Por eso te casaste sin amor.
Realmente apestas, ¿sabes?
¿Quieres que te enseñe cómo seducir a alguien?
—sonrió mientras se acercaba a ella—.
¿O tienes miedo?
—¡Kyaa!
—Diana dejó escapar un pequeño grito mientras todo su cuerpo hormigueaba, saltando hacia atrás rápidamente para distanciarse de Strax.
—Fufufu, qué linda —dijo él, mordiéndose los labios juguetonamente, antes de mirarla de nuevo; su cuerpo estaba sin aliento, y ella estaba completamente sonrojada.
«Así que el Encanto funciona en ella…
qué divertido», pensó Strax mientras veía la notificación de que la habilidad [Encanto afectó a Diana Vorah].
«Esto va a ser bastante interesante…», concluyó antes de volverse hacia ella.
—Escúpelo.
El viejo quiere verme, ¿verdad?
—preguntó Strax, y Diana se sorprendió pero asintió ligeramente…—.
Te está esperando en su oficina…
Strax sonrió ante la reacción de Diana.
Ella, usualmente tan controlada y calculadora, había sido completamente tomada por sorpresa.
Sabía que la habilidad [Encanto] tenía un efecto poderoso, pero ver su reacción fue inesperado y, para él, bastante divertido.
—Bueno, parece que la ‘madrastra inspiradora’ no estaba preparada para esto, ¿eh?
—bromeó, caminando hacia la puerta mientras Diana se componía, su rostro aún ligeramente sonrojado.
Ella se pasó una mano por el cabello, respirando profundamente para recuperar la compostura.
—Eres más peligroso de lo que pareces, Strax.
Necesito vigilarte.
Él soltó una breve risa.
—Te advertí que jugar con fuego era arriesgado, pero insististe en probarlo.
De todas formas, el viejo me está esperando, así que mejor no lo hago esperar demasiado.
—Hizo una pausa en la puerta, mirándola por encima del hombro con una sonrisa traviesa—.
¿Quién sabe, tal vez otro día aprenderás a usar ese encanto correctamente?
Diana aún intentaba procesar lo que acababa de suceder, pero simplemente asintió, sin palabras en ese momento.
Strax abrió la puerta y salió, dirigiéndose confiadamente hacia la oficina de su padre.
Su sonrisa creció mientras pensaba en la provocación que acababa de hacer y en las posibilidades futuras de explorar este juego de poder y seducción que parecía haber comenzado entre él y Diana.
Cuando llegó a la oficina, Strax golpeó dos veces antes de entrar.

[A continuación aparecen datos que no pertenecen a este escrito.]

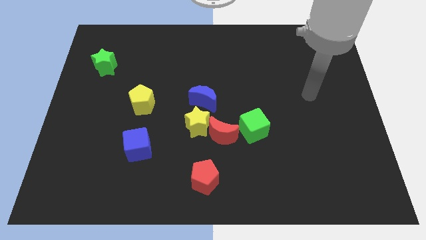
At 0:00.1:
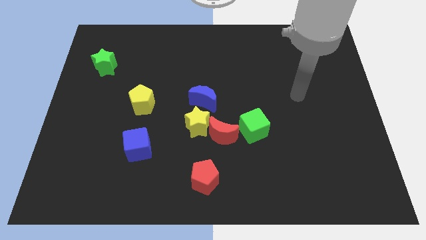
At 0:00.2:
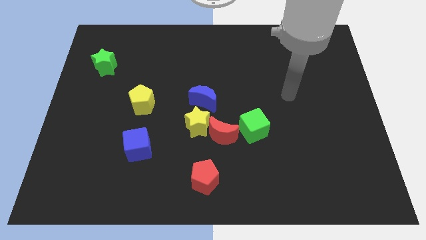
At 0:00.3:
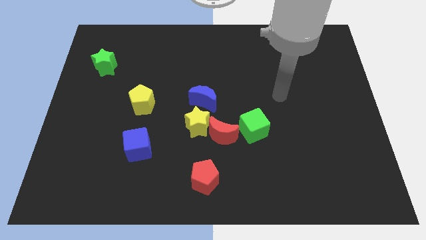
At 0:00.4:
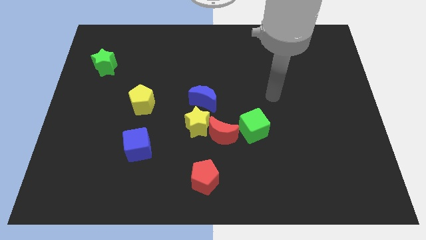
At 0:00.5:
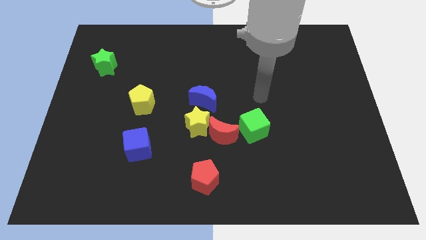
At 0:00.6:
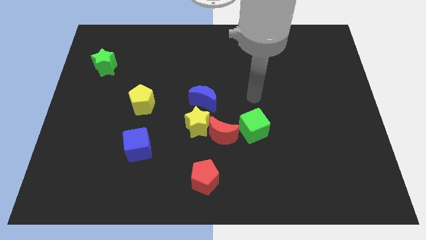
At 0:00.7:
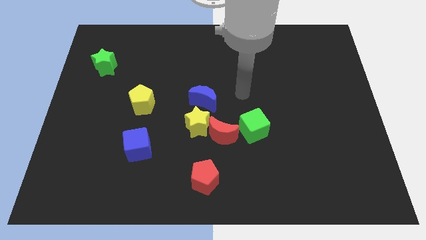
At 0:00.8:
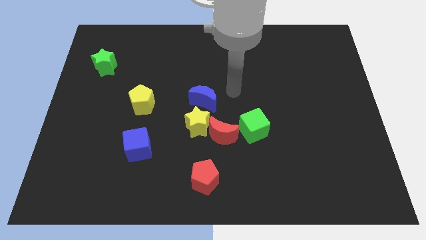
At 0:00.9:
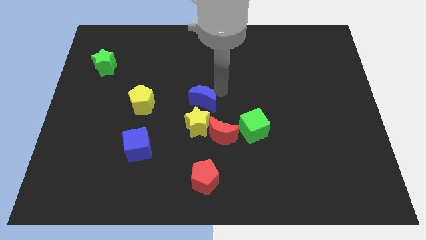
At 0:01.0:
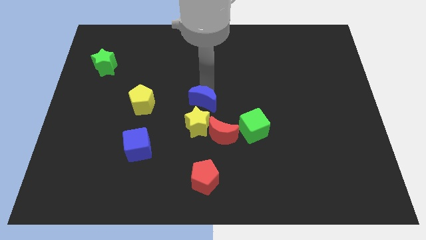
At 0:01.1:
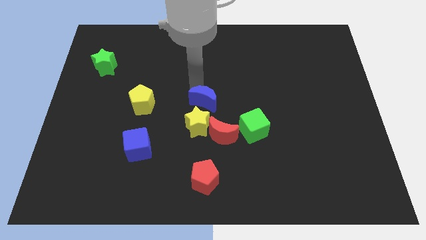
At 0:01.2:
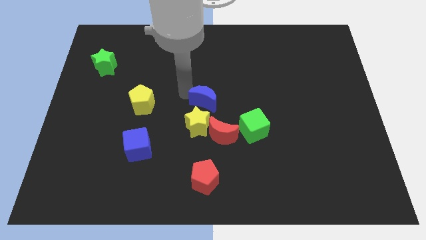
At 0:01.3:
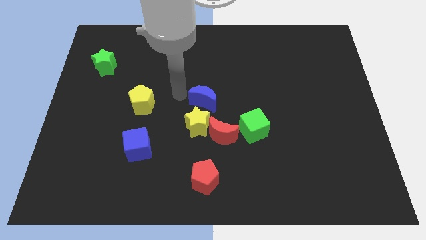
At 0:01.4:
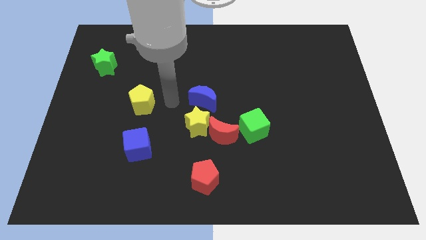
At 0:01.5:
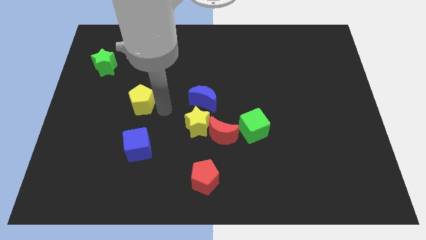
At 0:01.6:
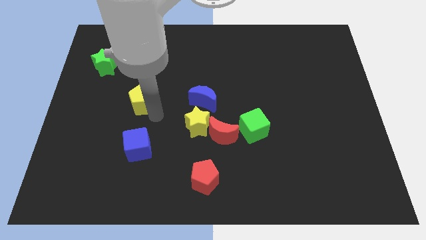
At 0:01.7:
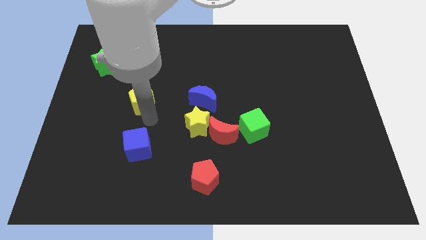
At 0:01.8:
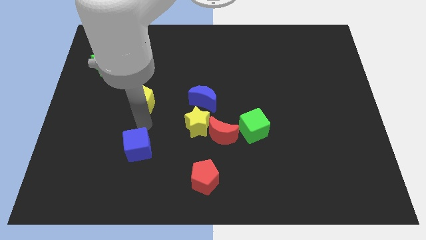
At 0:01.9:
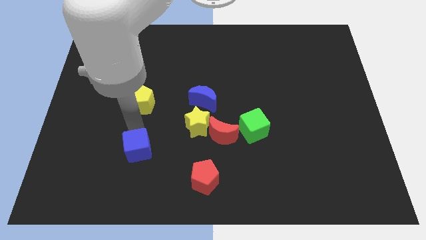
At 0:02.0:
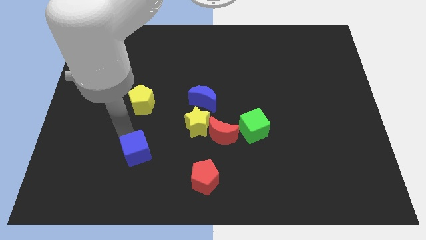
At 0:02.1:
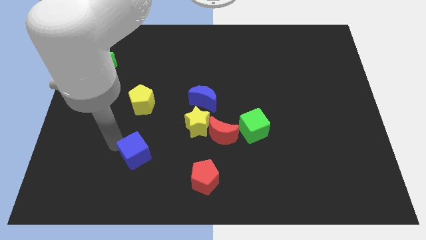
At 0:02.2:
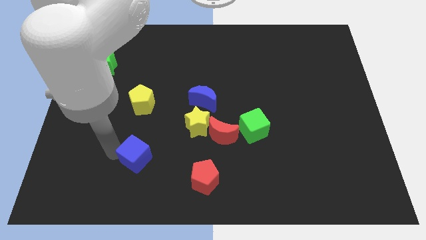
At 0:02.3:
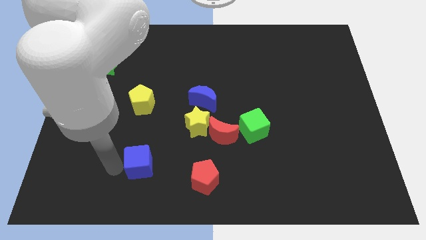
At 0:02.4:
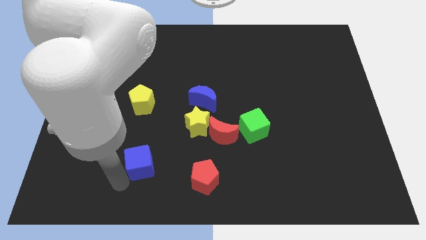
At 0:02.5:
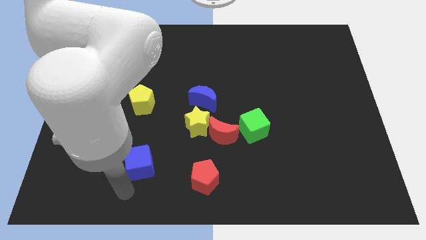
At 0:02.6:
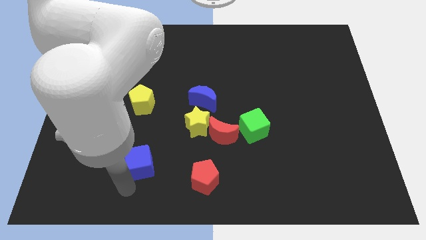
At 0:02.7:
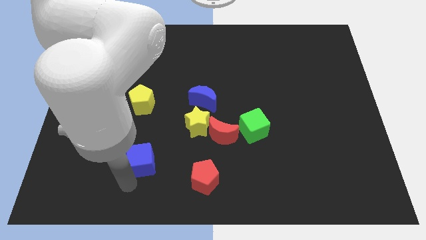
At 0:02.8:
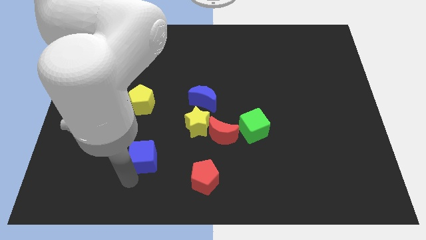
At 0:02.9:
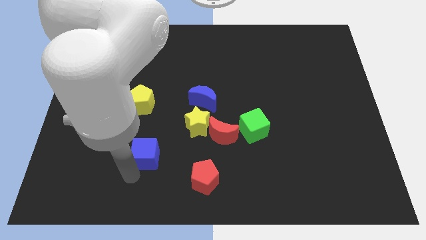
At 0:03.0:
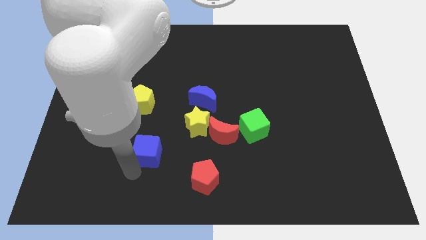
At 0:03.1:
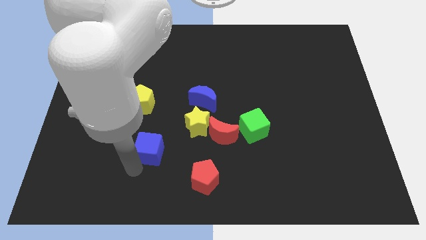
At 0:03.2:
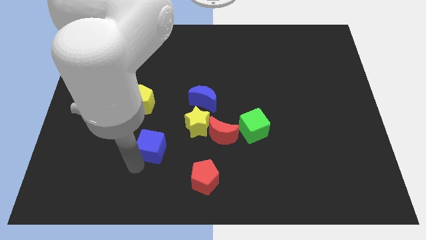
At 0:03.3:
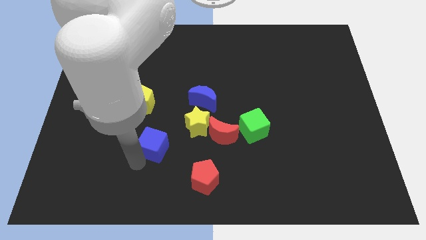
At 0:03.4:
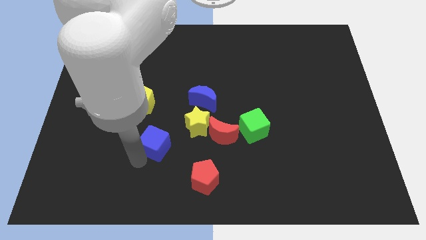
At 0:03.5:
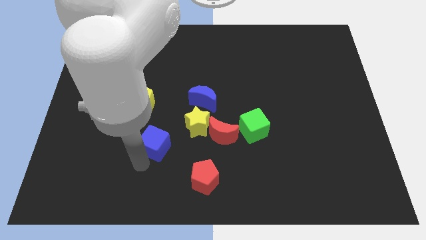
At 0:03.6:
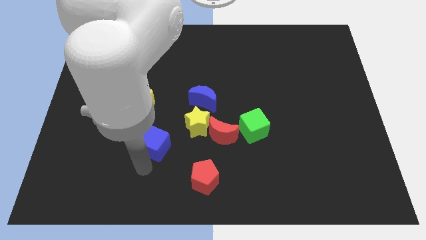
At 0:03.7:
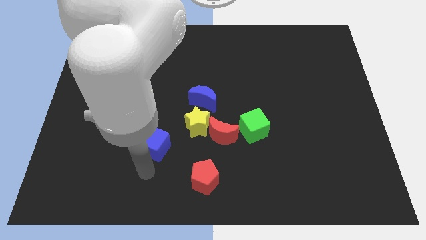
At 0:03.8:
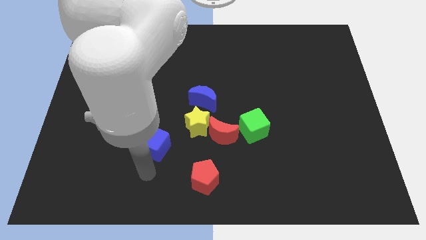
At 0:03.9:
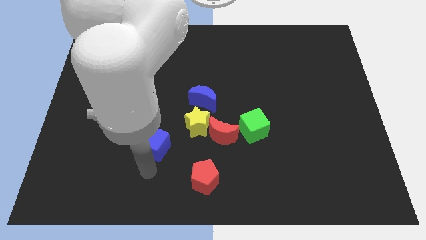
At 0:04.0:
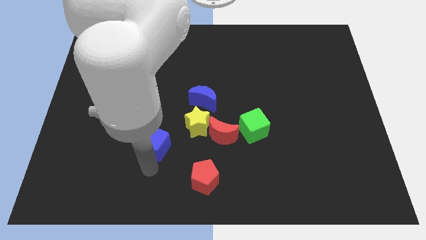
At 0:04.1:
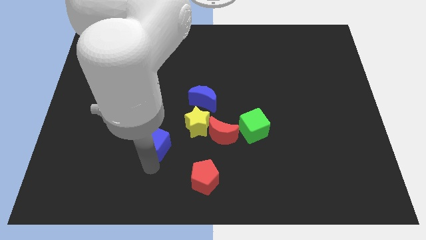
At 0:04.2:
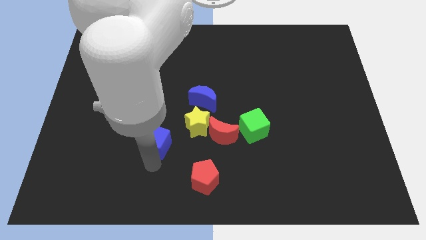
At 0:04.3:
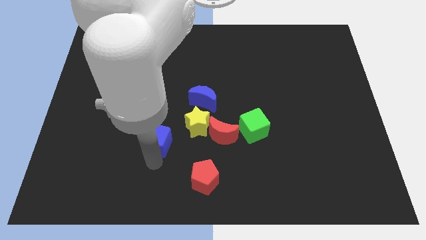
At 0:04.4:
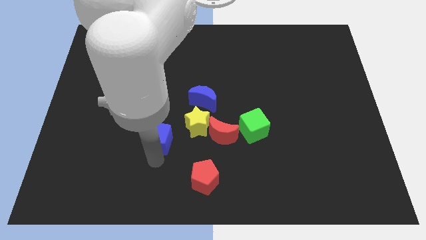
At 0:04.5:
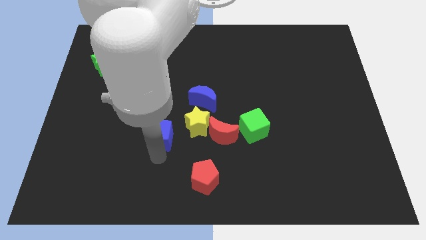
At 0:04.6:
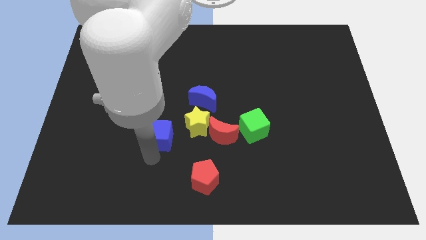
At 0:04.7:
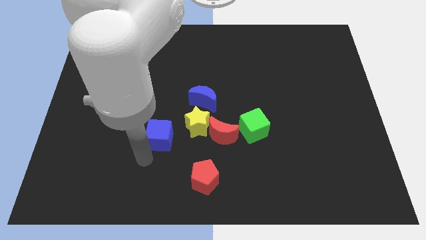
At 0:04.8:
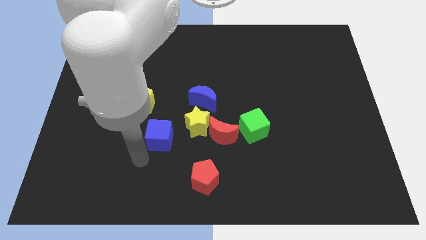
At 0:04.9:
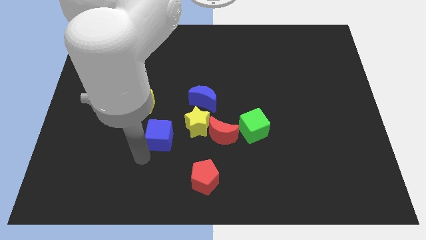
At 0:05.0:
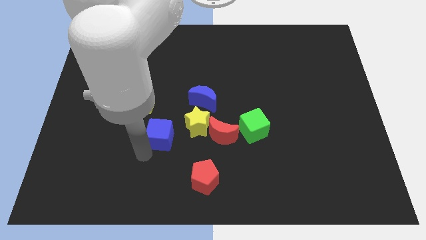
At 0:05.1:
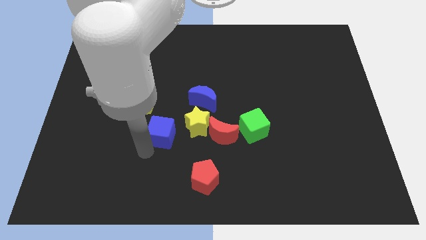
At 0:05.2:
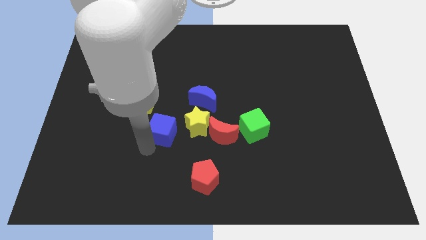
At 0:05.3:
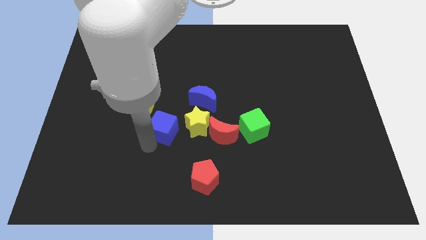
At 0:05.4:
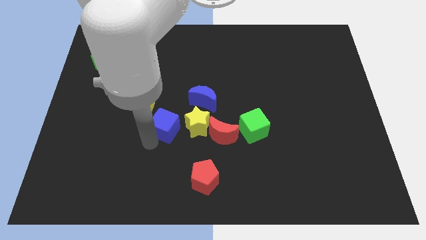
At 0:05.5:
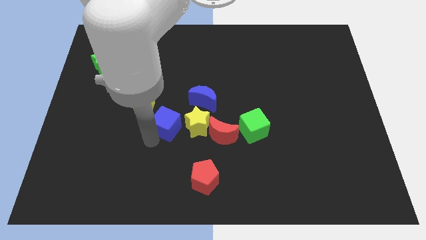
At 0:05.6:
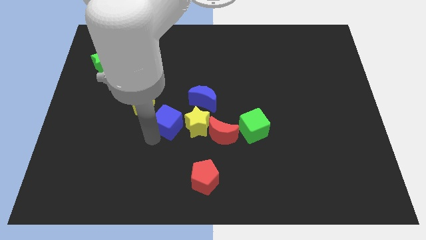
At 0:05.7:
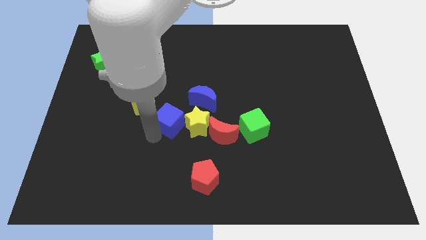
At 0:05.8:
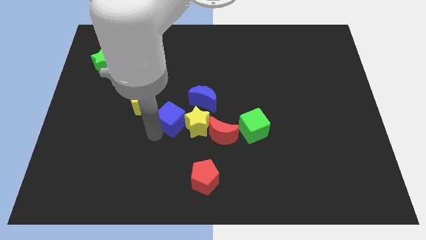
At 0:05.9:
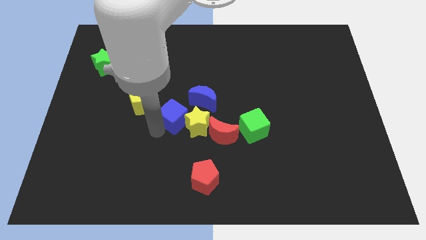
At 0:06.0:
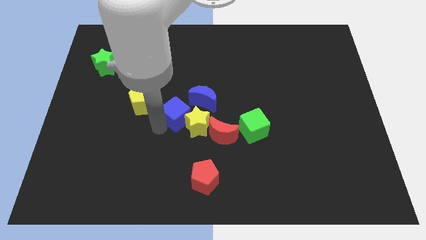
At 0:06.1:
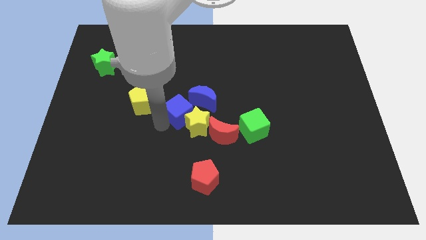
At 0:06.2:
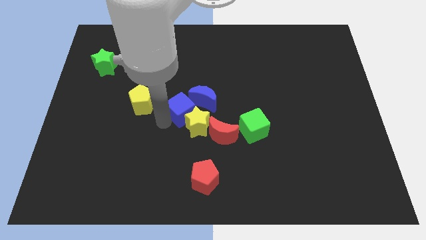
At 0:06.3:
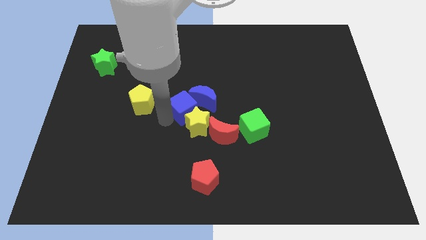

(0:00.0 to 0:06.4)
move the blue cube towards the blue moon

La habitación estaba envuelta en una tranquila penumbra, y su padre, Albert Vorah, estaba sentado en el escritorio, revisando papeles.

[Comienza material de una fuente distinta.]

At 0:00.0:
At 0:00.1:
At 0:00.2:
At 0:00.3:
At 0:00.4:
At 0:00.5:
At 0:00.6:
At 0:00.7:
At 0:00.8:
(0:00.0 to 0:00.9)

Al levantar los ojos y ver entrar a Strax, le hizo un gesto para que se acercara.
—Finalmente apareces.
Imagino que has completado la misión con éxito, ya que Diana no estaría tan satisfecha de otro modo —comenzó, su voz profunda llenando el silencio de la habitación—.
Pero tengo algo más importante que discutir.
Strax permaneció relajado en la silla, fingiendo desinterés.
—Sí, claro, el espía está muerto, y la información fue recuperada.
Todo está bajo control.
Eso debería ser razón suficiente para un poco de reconocimiento, ¿no crees?
Albert lo ignoró.
—Ese no es el problema.
Quiero saber una cosa, Strax.
¿Cómo enfrentaste a Kryssia…
tan rápido?
Te has vuelto muy fuerte en tan poco tiempo —miró directamente a los ojos de Strax, como si atravesara cada capa de sus mentiras y omisiones.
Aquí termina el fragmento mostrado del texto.